> Exercise goal
Could you please return each line of the data that has the word "height"?

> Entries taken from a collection

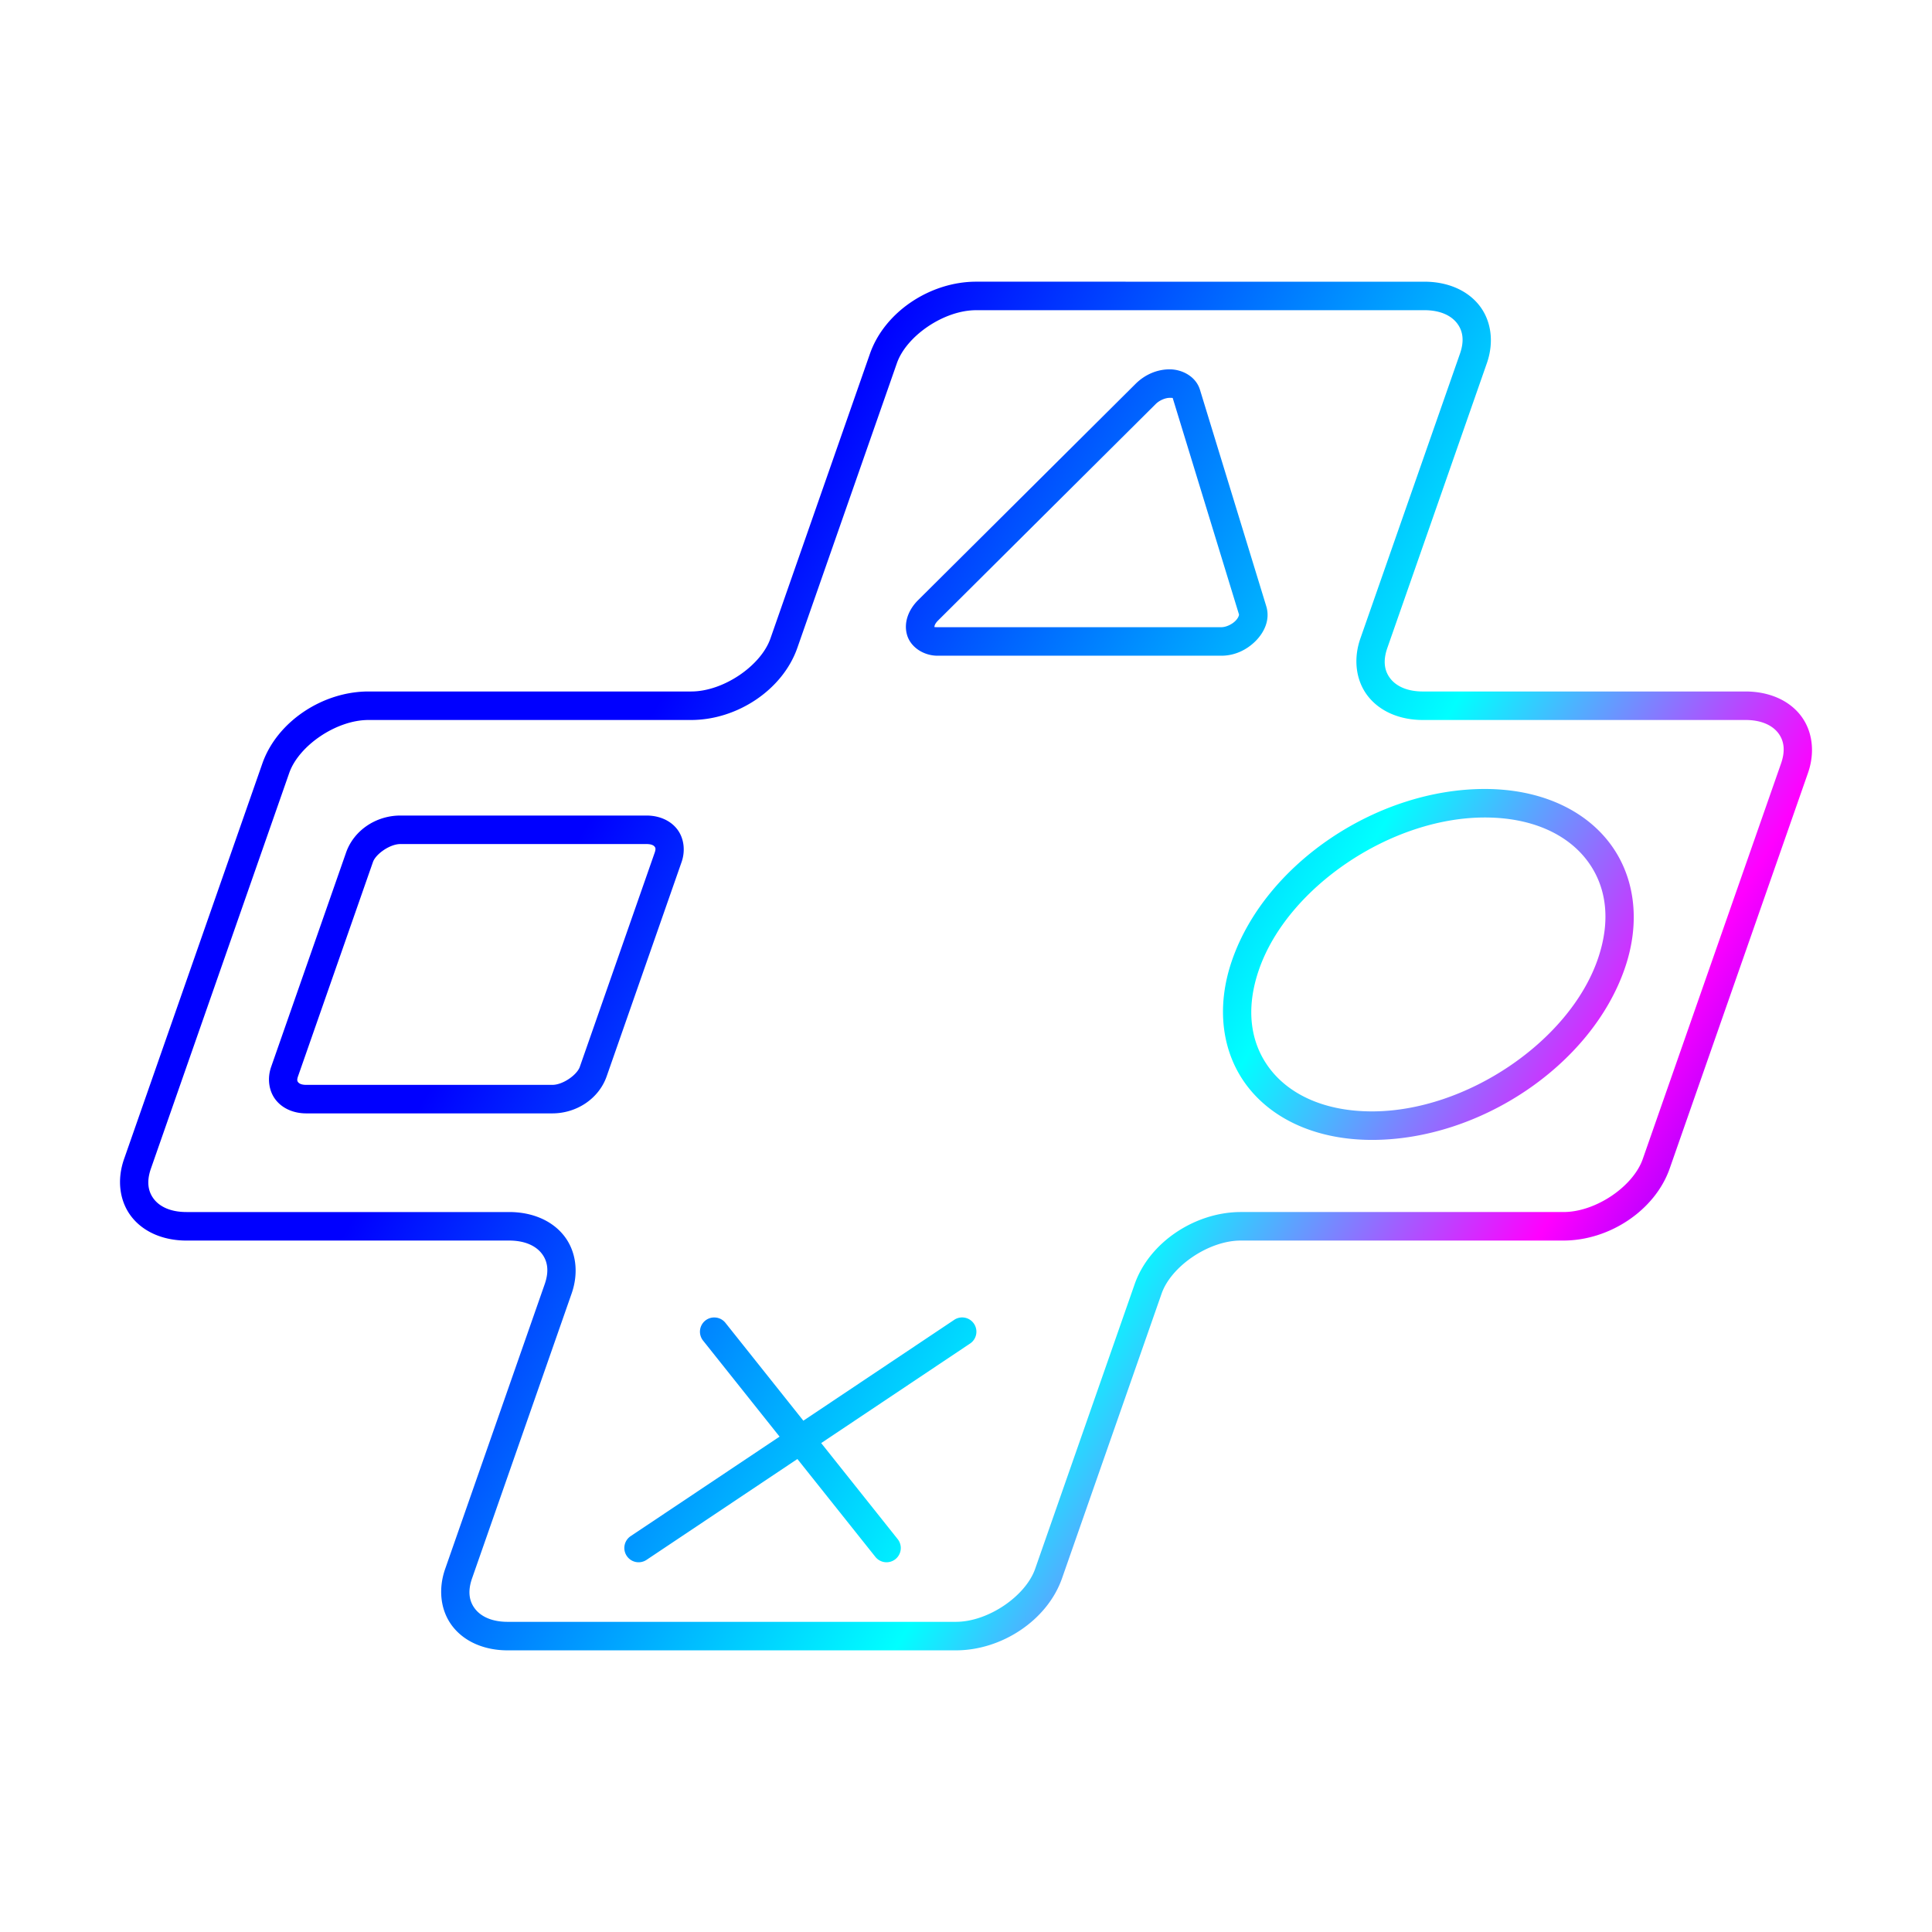 <?xml version="1.0" encoding="UTF-8" standalone="no"?>
<!-- Created with Inkscape (http://www.inkscape.org/) -->

<svg
   width="178.619mm"
   height="178.619mm"
   viewBox="0 0 178.619 178.619"
   version="1.1"
   id="svg1"
   xml:space="preserve"
   inkscape:version="1.3.2 (091e20ef0f, 2023-11-25, custom)"
   sodipodi:docname="psSymbol.svg"
   xmlns:inkscape="http://www.inkscape.org/namespaces/inkscape"
   xmlns:sodipodi="http://sodipodi.sourceforge.net/DTD/sodipodi-0.dtd"
   xmlns:xlink="http://www.w3.org/1999/xlink"
   xmlns="http://www.w3.org/2000/svg"
   xmlns:svg="http://www.w3.org/2000/svg"><sodipodi:namedview
     id="namedview1"
     pagecolor="#ffffff"
     bordercolor="#000000"
     borderopacity="0.25"
     inkscape:showpageshadow="2"
     inkscape:pageopacity="0.0"
     inkscape:pagecheckerboard="0"
     inkscape:deskcolor="#d1d1d1"
     inkscape:document-units="mm"
     inkscape:zoom="0.52032068"
     inkscape:cx="176.81404"
     inkscape:cy="536.20779"
     inkscape:window-width="1920"
     inkscape:window-height="1048"
     inkscape:window-x="0"
     inkscape:window-y="0"
     inkscape:window-maximized="1"
     inkscape:current-layer="layer1" /><defs
     id="defs1"><linearGradient
       id="linearGradient30"
       inkscape:collect="always"><stop
         style="stop-color:#0000ff;stop-opacity:1;"
         offset="0"
         id="stop30" /><stop
         style="stop-color:#00ffff;stop-opacity:1"
         offset="0.5"
         id="stop32" /><stop
         style="stop-color:#ff00ff;stop-opacity:1"
         offset="0.75"
         id="stop33" /><stop
         style="stop-color:#0000ff;stop-opacity:1;"
         offset="1"
         id="stop31" /></linearGradient><linearGradient
       inkscape:collect="always"
       xlink:href="#linearGradient30"
       id="linearGradient148"
       gradientUnits="userSpaceOnUse"
       gradientTransform="matrix(2.636,0,0,2.636,614.637,-402.437)"
       x1="-339.649"
       y1="222.747"
       x2="-298.242"
       y2="247.278" /></defs><g
     inkscape:label="Layer 1"
     inkscape:groupmode="layer"
     id="layer1"
     transform="translate(312.928,-71.41)"><path
       style="color:#000000;fill:url(#linearGradient148);fill-rule:evenodd;stroke-width:1;stroke-linecap:round;stroke-linejoin:round;-inkscape-stroke:none"
       d="m -222.68,97.452 c -4.246,0 -8.466,2.791 -9.819,6.663 l -9.201,26.327 c -0.879,2.513 -4.338,4.897 -7.327,4.897 h -29.833 c -4.246,0 -8.461,2.791 -9.814,6.663 l -12.785,36.568 c -0.338,0.968 -0.444,1.948 -0.324,2.863 0.12,0.915 0.464,1.768 1.02,2.477 1.11,1.417 2.954,2.193 5.077,2.193 h 29.833 c 1.495,0 2.473,0.514 3.002,1.189 0.529,0.675 0.722,1.586 0.283,2.842 l -9.201,26.322 c -0.677,1.936 -0.415,3.918 0.695,5.334 1.11,1.417 2.954,2.199 5.077,2.199 h 41.444 c 4.246,0 8.461,-2.791 9.814,-6.663 l 9.206,-26.322 c 0.879,-2.513 4.338,-4.902 7.327,-4.902 h 29.828 c 2.123,0 4.24,-0.697 5.993,-1.879 1.754,-1.182 3.149,-2.848 3.826,-4.783 l 12.785,-36.568 c 0.677,-1.936 0.415,-3.923 -0.695,-5.339 -1.11,-1.417 -2.959,-2.193 -5.082,-2.193 h -29.828 c -1.495,0 -2.473,-0.514 -3.002,-1.189 -0.529,-0.675 -0.723,-1.58 -0.283,-2.837 l 9.201,-26.327 c 0.677,-1.936 0.415,-3.918 -0.695,-5.334 -1.11,-1.417 -2.954,-2.199 -5.077,-2.199 z m 0,2.636 h 41.444 c 1.495,0 2.473,0.514 3.002,1.189 0.529,0.675 0.723,1.581 0.283,2.837 l -9.206,26.327 c -0.338,0.968 -0.439,1.943 -0.319,2.858 0.12,0.915 0.464,1.768 1.02,2.477 1.11,1.417 2.954,2.199 5.077,2.199 h 29.828 c 1.494,0 2.478,0.509 3.007,1.184 0.529,0.675 0.717,1.586 0.278,2.842 l -12.785,36.568 c -0.439,1.257 -1.52,2.483 -2.868,3.393 -1.348,0.91 -2.964,1.504 -4.459,1.504 h -29.828 c -2.123,0 -4.24,0.703 -5.993,1.885 -1.754,1.182 -3.149,2.848 -3.826,4.783 l -9.201,26.322 c -0.879,2.513 -4.338,4.897 -7.327,4.897 h -41.444 c -1.494,0 -2.473,-0.514 -3.002,-1.189 -0.529,-0.675 -0.723,-1.58 -0.283,-2.837 l 9.201,-26.322 c 0.338,-0.968 0.444,-1.948 0.324,-2.863 -0.12,-0.915 -0.464,-1.768 -1.02,-2.477 -1.11,-1.417 -2.954,-2.199 -5.077,-2.199 h -29.833 c -1.494,0 -2.473,-0.509 -3.002,-1.184 -0.529,-0.675 -0.723,-1.586 -0.283,-2.842 l 12.785,-36.568 c 0.879,-2.513 4.338,-4.897 7.327,-4.897 h 29.833 c 2.123,0 4.24,-0.697 5.993,-1.879 1.754,-1.182 3.144,-2.848 3.821,-4.783 l 9.206,-26.327 c 0.879,-2.513 4.338,-4.897 7.327,-4.897 z m 17.888,5.468 c -1.116,0 -2.255,0.453 -3.151,1.344 l -20.112,20.004 c -0.896,0.891 -1.351,2.104 -1.004,3.239 0.347,1.135 1.555,1.89 2.811,1.89 h 26.239 c 1.256,0 2.357,-0.554 3.151,-1.344 0.794,-0.79 1.387,-1.965 0.999,-3.234 l -6.127,-20.004 c -0.388,-1.268 -1.69,-1.895 -2.806,-1.895 z m 0,2.636 c 0.35,0 0.286,0.016 0.288,0.026 l 6.127,20.009 c 0.003,0.008 -0.011,0.264 -0.34,0.592 -0.33,0.328 -0.873,0.577 -1.292,0.577 h -26.239 c -0.419,0 -0.294,-0.043 -0.288,-0.026 0.005,0.016 -0.048,-0.211 0.34,-0.597 l 20.112,-20.004 c 0.388,-0.386 0.942,-0.577 1.292,-0.577 z m 29.133,36.161 c -9.957,-2e-5 -20.23,6.876 -23.345,15.787 -1.558,4.455 -0.936,8.718 1.467,11.786 2.404,3.068 6.478,4.871 11.456,4.871 9.957,-2e-5 20.23,-6.876 23.345,-15.787 1.558,-4.455 0.931,-8.718 -1.473,-11.786 -2.404,-3.068 -6.473,-4.871 -11.451,-4.871 z m -100.256,2.456 c -2.223,0 -4.291,1.344 -5.02,3.429 l -6.925,19.808 c -0.365,1.043 -0.23,2.216 0.422,3.048 0.652,0.832 1.705,1.251 2.816,1.251 h 22.764 c 2.223,0 4.291,-1.344 5.02,-3.429 l 6.925,-19.808 c 0.364,-1.043 0.23,-2.221 -0.422,-3.053 -0.652,-0.832 -1.705,-1.246 -2.816,-1.246 z m 100.256,0.18 c 4.35,0 7.553,1.535 9.376,3.862 1.823,2.327 2.376,5.513 1.056,9.289 -2.64,7.552 -12.154,14.021 -20.853,14.021 -4.35,0 -7.558,-1.53 -9.381,-3.857 -1.823,-2.327 -2.376,-5.518 -1.056,-9.294 2.64,-7.552 12.159,-14.021 20.859,-14.021 z m -100.256,2.456 h 22.764 c 0.487,0 0.672,0.149 0.741,0.237 0.069,0.088 0.139,0.188 0.011,0.556 l -6.925,19.808 c -0.257,0.736 -1.559,1.663 -2.533,1.663 h -22.764 c -0.487,0 -0.672,-0.154 -0.741,-0.242 -0.069,-0.088 -0.139,-0.183 -0.011,-0.551 l 6.925,-19.808 c 0.257,-0.736 1.559,-1.663 2.533,-1.663 z m 29.164,43.777 a 1.318,1.318 0 0 0 -0.968,0.278 1.318,1.318 0 0 0 -0.211,1.848 l 7.075,8.882 -13.768,9.201 a 1.318,1.318 0 0 0 -0.36,1.828 1.318,1.318 0 0 0 1.828,0.366 l 13.949,-9.325 7.209,9.047 a 1.318,1.318 0 0 0 1.854,0.211 1.318,1.318 0 0 0 0.206,-1.854 l -7.07,-8.877 13.763,-9.201 a 1.318,1.318 0 0 0 0.366,-1.828 1.318,1.318 0 0 0 -1.828,-0.366 l -13.949,9.325 -7.209,-9.052 a 1.318,1.318 0 0 0 -0.886,-0.484 z"
       id="path145" /></g></svg>

> Solution to the problem
   height="178.619mm"
     inkscape:window-height="1048"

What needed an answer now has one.